Since our Bright Cities program launched, it has grown to include 44 cities nationwide working to reduce the harm of neurotoxic chemicals for little ones and their families. These cities provide powerful examples of actions that any city can take to reduce exposures that harm babies’ brain development.
One in six children in the United States has a developmental disability, including learning disabilities, intellectual impairment, attention deficit and hyperactivity disorder (ADHD), and autism.
Bright Cities awarded $240,000 in grant funding to support 12 new projects nationwide in 2023. Projects in Clarksville, Pine Bluff, and Youngstown focused on lead reduction. Three cities — Boulder CO, Hendersonville NC, and Lansing MI — took action to reduce neurotoxic exposures with a climate, resilience, and/or sustainability co-benefit.
And six cities — Meadville, Pine Bluff, Eugene, San Francisco, and Montgomery — are leveraging their projects to gain additional funding from various funding sources, including the EPA’s grant programs designed to support city and community-based organization partnerships.
"Our Bright Cities grant provided a rare opportunity to plan together and think big about upcoming federal and state grant opportunities,” said Kevin Kasowski, the Director of Foundation and Corporate Giving at the Oregon Environmental Council.

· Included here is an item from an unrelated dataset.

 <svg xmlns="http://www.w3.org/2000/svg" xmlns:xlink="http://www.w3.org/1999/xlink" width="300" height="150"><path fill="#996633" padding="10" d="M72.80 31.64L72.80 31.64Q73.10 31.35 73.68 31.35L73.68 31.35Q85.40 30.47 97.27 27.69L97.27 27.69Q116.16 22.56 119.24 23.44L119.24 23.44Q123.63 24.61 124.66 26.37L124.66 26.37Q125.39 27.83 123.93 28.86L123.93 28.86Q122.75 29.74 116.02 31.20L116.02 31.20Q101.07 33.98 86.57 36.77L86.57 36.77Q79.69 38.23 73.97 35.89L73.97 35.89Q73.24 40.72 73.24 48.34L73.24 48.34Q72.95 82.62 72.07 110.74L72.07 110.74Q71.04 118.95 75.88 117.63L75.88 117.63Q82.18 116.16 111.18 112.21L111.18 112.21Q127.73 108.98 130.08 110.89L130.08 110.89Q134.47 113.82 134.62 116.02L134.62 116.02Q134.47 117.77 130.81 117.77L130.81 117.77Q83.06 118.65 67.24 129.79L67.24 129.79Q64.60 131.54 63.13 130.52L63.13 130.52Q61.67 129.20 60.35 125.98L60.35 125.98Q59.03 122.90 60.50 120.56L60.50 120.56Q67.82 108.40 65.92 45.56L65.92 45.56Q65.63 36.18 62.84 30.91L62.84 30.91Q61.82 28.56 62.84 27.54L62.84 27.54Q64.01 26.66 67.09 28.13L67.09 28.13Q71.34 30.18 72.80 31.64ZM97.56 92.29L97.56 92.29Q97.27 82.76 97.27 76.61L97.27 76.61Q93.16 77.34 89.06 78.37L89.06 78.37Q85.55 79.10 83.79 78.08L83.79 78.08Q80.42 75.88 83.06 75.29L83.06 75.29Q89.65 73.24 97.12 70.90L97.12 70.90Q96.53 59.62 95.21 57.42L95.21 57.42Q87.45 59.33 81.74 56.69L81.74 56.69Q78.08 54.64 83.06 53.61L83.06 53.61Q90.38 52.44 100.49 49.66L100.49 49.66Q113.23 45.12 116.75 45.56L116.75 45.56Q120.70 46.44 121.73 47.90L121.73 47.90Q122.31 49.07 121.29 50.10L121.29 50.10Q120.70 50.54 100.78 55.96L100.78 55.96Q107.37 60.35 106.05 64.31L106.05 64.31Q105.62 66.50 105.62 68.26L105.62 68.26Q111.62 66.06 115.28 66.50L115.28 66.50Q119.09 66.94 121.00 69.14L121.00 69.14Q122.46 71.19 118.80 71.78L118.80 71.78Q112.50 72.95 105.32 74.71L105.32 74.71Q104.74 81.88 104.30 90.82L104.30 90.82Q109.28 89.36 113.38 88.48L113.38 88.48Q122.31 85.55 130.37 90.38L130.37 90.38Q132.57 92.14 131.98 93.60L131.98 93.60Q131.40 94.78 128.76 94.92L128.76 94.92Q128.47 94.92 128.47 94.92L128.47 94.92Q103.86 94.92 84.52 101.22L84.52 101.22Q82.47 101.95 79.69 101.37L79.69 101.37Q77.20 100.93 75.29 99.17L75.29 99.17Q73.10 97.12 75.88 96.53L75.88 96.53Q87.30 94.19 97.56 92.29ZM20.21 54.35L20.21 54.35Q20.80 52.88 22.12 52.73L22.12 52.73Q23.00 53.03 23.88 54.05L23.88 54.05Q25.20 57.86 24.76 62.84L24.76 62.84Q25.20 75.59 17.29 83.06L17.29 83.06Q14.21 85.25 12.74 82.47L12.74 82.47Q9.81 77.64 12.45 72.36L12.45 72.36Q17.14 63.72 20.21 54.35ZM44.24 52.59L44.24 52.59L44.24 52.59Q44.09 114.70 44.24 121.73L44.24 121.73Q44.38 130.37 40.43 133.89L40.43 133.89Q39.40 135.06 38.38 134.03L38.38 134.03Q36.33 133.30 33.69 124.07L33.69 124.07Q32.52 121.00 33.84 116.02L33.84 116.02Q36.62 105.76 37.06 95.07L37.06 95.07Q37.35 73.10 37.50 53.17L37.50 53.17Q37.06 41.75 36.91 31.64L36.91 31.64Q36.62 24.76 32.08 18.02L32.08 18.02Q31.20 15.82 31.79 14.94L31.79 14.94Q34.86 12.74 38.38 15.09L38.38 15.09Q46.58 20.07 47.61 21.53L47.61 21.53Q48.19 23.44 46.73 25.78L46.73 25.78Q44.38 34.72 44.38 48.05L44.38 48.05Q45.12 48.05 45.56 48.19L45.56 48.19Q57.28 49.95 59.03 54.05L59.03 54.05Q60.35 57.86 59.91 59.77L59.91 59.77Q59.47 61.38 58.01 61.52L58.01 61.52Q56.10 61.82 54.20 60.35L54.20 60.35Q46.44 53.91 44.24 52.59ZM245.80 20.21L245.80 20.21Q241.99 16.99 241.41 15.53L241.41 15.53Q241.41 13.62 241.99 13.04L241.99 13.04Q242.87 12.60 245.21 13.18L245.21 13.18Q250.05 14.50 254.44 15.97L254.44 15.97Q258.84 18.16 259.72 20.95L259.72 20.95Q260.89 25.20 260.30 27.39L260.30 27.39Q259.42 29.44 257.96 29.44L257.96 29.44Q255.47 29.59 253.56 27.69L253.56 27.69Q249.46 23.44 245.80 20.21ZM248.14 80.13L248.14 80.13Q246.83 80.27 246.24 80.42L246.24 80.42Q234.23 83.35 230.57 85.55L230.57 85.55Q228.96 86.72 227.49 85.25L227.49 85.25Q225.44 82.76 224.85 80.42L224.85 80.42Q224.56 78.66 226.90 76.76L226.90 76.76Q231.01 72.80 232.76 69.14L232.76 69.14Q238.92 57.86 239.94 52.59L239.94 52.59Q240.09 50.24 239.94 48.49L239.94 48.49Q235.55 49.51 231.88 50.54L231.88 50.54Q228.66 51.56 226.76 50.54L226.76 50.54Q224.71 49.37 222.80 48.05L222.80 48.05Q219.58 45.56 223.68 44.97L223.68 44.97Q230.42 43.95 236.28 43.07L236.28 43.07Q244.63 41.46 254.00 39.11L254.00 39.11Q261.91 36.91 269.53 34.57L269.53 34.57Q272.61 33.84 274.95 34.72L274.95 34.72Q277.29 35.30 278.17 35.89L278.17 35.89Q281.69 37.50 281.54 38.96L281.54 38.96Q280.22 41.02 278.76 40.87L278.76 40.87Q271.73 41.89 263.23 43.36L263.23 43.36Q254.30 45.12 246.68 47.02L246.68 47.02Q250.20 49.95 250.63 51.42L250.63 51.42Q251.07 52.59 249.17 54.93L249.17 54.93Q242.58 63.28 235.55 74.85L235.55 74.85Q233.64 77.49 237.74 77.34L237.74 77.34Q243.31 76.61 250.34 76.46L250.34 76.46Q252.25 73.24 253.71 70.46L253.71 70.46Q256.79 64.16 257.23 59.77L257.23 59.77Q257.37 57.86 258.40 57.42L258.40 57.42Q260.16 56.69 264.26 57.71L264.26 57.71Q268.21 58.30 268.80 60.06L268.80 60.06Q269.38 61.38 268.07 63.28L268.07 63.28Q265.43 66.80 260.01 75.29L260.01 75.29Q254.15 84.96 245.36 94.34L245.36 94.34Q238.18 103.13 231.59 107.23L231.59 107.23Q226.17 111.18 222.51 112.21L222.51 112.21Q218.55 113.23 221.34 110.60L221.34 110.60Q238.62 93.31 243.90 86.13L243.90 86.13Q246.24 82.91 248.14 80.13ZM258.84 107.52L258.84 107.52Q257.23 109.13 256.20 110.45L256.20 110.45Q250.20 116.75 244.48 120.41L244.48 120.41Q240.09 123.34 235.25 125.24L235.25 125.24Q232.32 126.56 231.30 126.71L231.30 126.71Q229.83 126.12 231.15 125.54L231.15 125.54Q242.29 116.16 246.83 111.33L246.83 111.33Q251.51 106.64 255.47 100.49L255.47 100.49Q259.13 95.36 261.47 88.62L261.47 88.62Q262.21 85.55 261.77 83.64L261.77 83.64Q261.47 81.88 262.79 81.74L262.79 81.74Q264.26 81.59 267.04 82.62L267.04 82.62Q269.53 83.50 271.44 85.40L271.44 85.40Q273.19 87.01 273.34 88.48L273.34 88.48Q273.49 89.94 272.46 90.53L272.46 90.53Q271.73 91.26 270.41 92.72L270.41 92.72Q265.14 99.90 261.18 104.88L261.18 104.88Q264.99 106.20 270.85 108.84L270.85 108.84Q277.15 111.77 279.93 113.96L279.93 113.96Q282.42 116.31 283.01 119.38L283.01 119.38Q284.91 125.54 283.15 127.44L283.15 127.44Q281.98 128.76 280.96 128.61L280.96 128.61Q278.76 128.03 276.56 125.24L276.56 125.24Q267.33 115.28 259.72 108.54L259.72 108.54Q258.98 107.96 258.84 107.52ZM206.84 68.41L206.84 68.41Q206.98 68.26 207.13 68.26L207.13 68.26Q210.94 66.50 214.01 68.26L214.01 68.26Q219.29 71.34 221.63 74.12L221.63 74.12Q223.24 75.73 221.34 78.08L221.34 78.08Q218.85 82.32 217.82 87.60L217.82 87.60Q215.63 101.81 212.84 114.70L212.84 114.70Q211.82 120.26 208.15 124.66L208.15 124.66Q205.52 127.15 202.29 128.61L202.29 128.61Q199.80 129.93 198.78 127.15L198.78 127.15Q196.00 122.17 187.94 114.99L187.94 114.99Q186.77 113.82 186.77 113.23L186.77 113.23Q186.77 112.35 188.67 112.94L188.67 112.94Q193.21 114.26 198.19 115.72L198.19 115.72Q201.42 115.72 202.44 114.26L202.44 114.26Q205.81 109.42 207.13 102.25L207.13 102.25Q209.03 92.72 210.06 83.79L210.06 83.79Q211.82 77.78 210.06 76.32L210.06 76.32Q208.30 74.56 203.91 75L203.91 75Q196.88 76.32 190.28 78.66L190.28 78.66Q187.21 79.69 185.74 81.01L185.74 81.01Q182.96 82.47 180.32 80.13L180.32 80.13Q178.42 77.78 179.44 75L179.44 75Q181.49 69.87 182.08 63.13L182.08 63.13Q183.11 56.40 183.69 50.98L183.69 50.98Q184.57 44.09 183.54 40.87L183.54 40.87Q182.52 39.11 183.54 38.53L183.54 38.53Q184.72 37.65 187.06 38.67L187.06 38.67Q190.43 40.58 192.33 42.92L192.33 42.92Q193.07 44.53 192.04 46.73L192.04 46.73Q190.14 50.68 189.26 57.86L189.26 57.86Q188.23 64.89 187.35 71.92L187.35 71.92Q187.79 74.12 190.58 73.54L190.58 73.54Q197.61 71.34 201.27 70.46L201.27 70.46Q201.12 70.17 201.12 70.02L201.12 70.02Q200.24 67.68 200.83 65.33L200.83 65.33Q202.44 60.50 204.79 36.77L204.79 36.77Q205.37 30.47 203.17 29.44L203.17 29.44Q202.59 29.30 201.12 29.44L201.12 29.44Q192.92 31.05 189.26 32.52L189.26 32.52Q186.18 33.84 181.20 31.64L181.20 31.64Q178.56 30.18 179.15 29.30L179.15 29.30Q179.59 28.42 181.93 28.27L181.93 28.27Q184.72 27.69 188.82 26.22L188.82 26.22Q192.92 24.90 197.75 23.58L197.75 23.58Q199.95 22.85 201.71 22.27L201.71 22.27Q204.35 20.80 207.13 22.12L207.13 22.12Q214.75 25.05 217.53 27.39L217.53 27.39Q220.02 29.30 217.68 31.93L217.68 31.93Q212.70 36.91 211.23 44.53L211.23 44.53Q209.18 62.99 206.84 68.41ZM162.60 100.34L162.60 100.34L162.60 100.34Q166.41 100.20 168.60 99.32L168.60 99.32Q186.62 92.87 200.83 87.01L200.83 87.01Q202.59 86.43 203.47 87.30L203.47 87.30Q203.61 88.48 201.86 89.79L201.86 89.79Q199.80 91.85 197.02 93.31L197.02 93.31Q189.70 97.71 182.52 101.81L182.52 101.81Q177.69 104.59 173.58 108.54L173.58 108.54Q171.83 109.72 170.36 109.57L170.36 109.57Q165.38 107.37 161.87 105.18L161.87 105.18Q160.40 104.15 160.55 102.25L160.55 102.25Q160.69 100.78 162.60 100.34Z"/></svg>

Take advantage of being “Better Together” and kick-off the new year by implementing one (or all!) of four initiatives already created and piloted by Bright Cities this year:
- “100 Resilient Yards” Campaign — Volunteer program that provides technical expertise and resources to residents and/or businesses to transform 100 properties into one of five resilient yardscapes: pollinator garden, rain garden, vegetable garden, native planting, and/or organic lawn.
- Model Sustainable Procurement Policy — Procurement is an important, innovative tool for achieving an equitable, healthy, and climate-friendly future. The policy is available to use as is, or it can be tailored for use by your city. You can also use US EPA data to help identify the biggest purchasing opportunities for cities to simultaneously reduce GHG emissions and reduce toxic exposures; examples here.
- Energy (& Health) Navigator Model Program for Landlords — Innovation program that bundles building improvements to assist renter-occupied properties achieve housing resilience, health (e.g., lead remediation), equity, and climate goals.
- Housing Code Amendment to require checking pre-1978 rental housing for deteriorated lead-based paint during the rental certification process — This amendment ensures lead hazard remediation in rental properties.
Our Bright Cities team also created and implemented learning opportunities (e.g., webinars and coffee conversations); shared Bright Cities models at national meetings; enthusiastically participated in partnership events with the Mayors Innovation Project, ICLEI, EcoAmerica, and others; and shared information regularly among our innovative, dedicated, and fun colleagues.
The sum is truly bigger than the parts, and we look forward to being even “Better Together” in 2024!